What is it about Friday that ends all funks?
Ok, that’s not exactly true. Out-of-town friends visiting with their 4 month old, chubby cheeked, squishy baby obviously helped the most. Aptly timed, with a Wednesday evening arrival
Tiny coos and cuddles make everything better, right?
So yes, I’m out of my bad mood. My last post was so much more depressing than I prefer to write. I was having a bad day, like so many before it, and just thought that rather than avoiding my blog until everything was wonderful, I should share a piece of reality. I don’t do that often enough and I thought it might lift my spirits to put myself out there a little.
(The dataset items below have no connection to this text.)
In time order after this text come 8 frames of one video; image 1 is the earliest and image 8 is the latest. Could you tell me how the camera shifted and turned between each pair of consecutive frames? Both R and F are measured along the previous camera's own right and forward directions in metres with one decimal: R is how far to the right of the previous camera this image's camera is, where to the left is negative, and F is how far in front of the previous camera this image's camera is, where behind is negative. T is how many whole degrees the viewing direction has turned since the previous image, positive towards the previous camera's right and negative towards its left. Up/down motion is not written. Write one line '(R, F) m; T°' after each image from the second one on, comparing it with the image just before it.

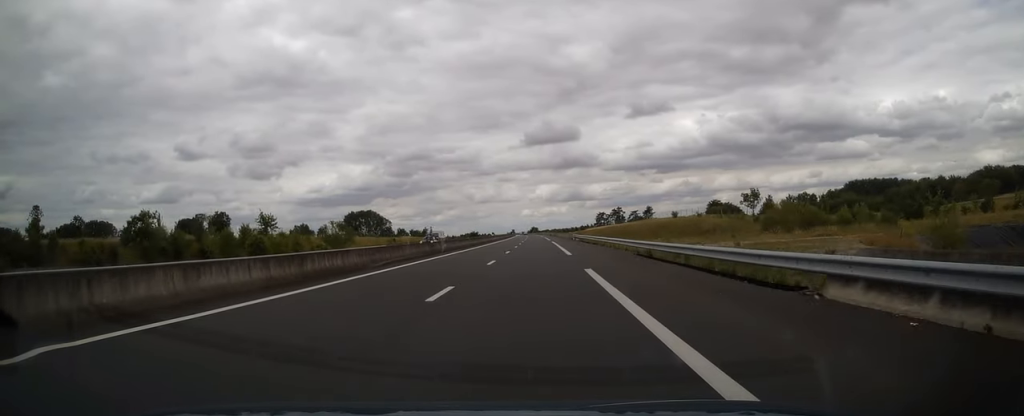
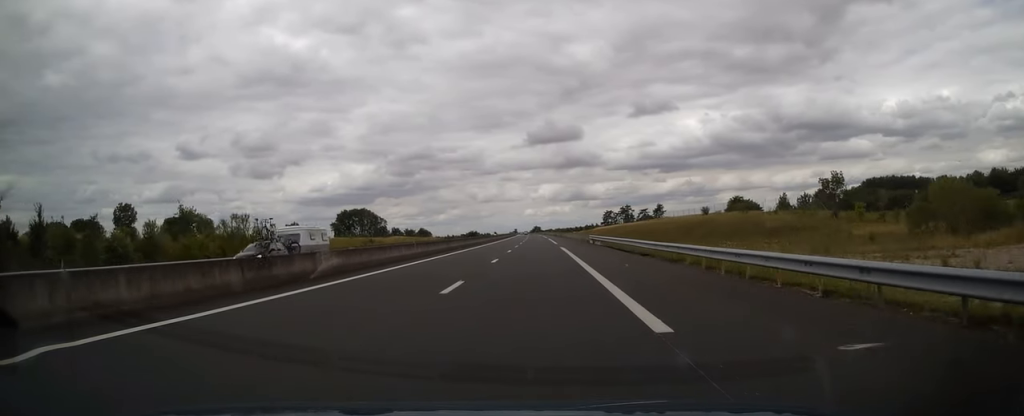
(0.0, +24.3) m; 0°
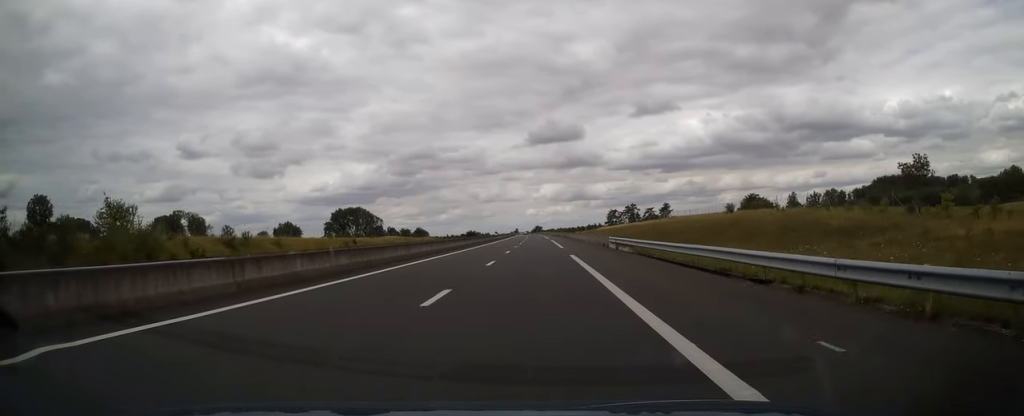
(0.0, +15.1) m; 0°
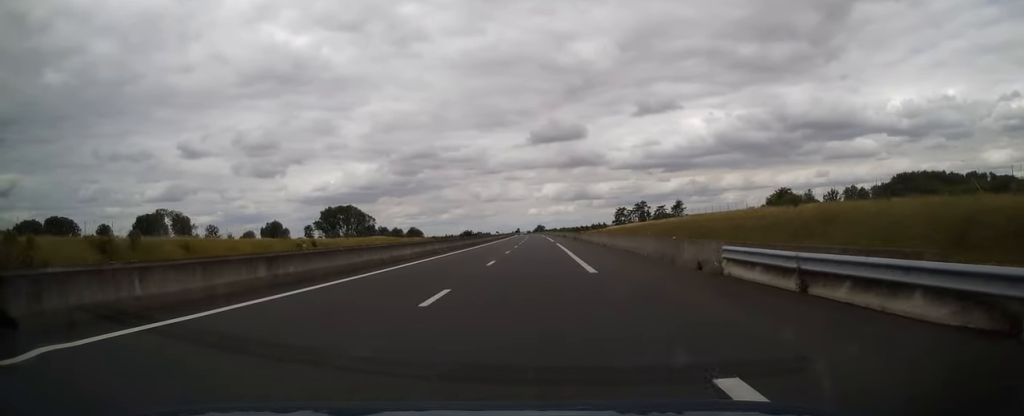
(-0.1, +25.8) m; 0°
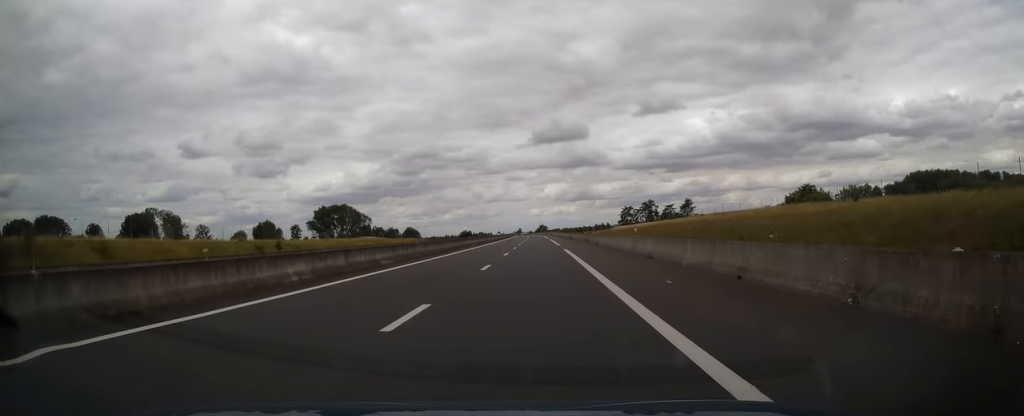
(-0.2, +15.5) m; 0°
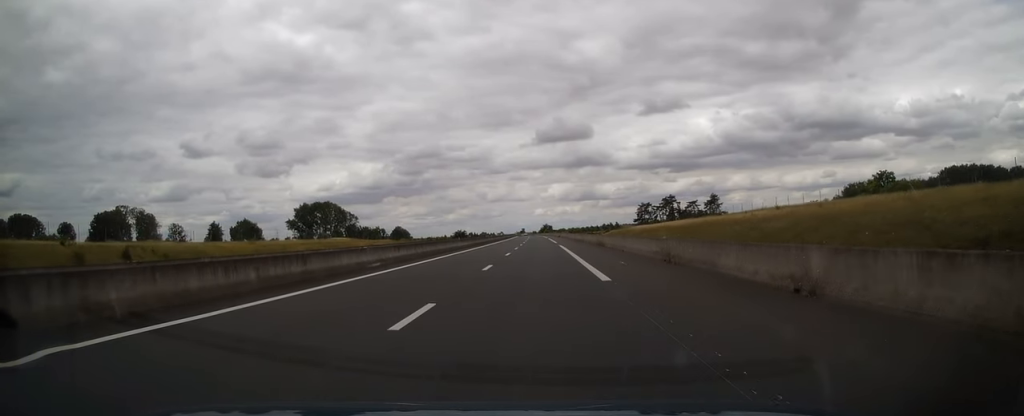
(+0.4, +38.5) m; +1°
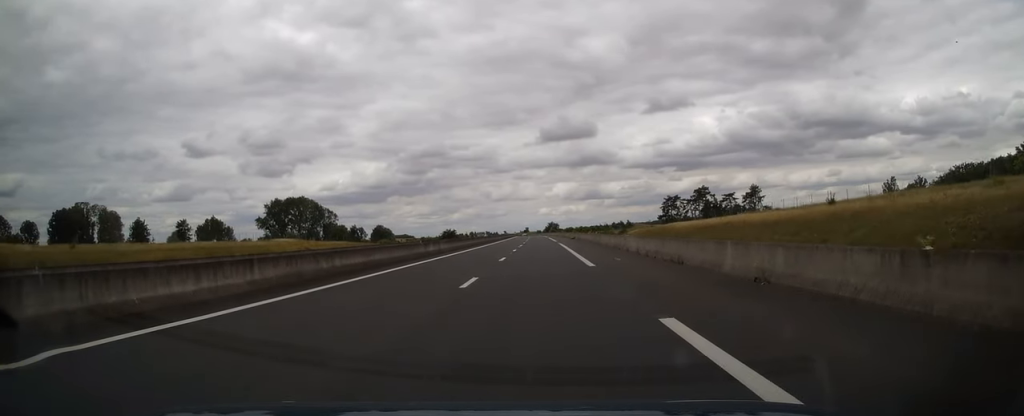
(-0.5, +45.3) m; -1°
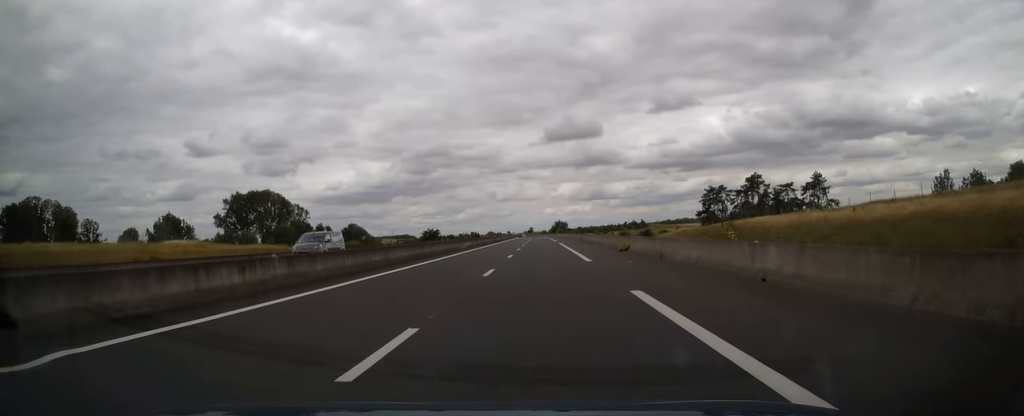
(-0.2, +47.7) m; 0°

Plus, I want to be real. No one’s life is neat and perfect 99.99999…% of the time. In fact, I believe most of us live big, bright, shiny, beautiful disasters of lives. As kids know so well, the messier we live, the better.
When I said, “I’ve felt like this for a few weeks now,” I was talking more about feeling lost, not depressed, thankfully. That might have been a little misleading.
There are a lot of possible changes in our family’s future and I’m having a little trouble sorting out my role in it all. I know that’s vague. I’m not trying to be cryptic, there are just decisions layered upon actions and things that have to fall into place before we will even know what’s going to happen. So that’s all you get for now…
But, it’s the weekend! And the sun is out and the air is crisp and the temperature is pretty perfect!
Happy Friday! Now get outside and make your own discoveries… Yes, too much Dinosaur Train on PBS.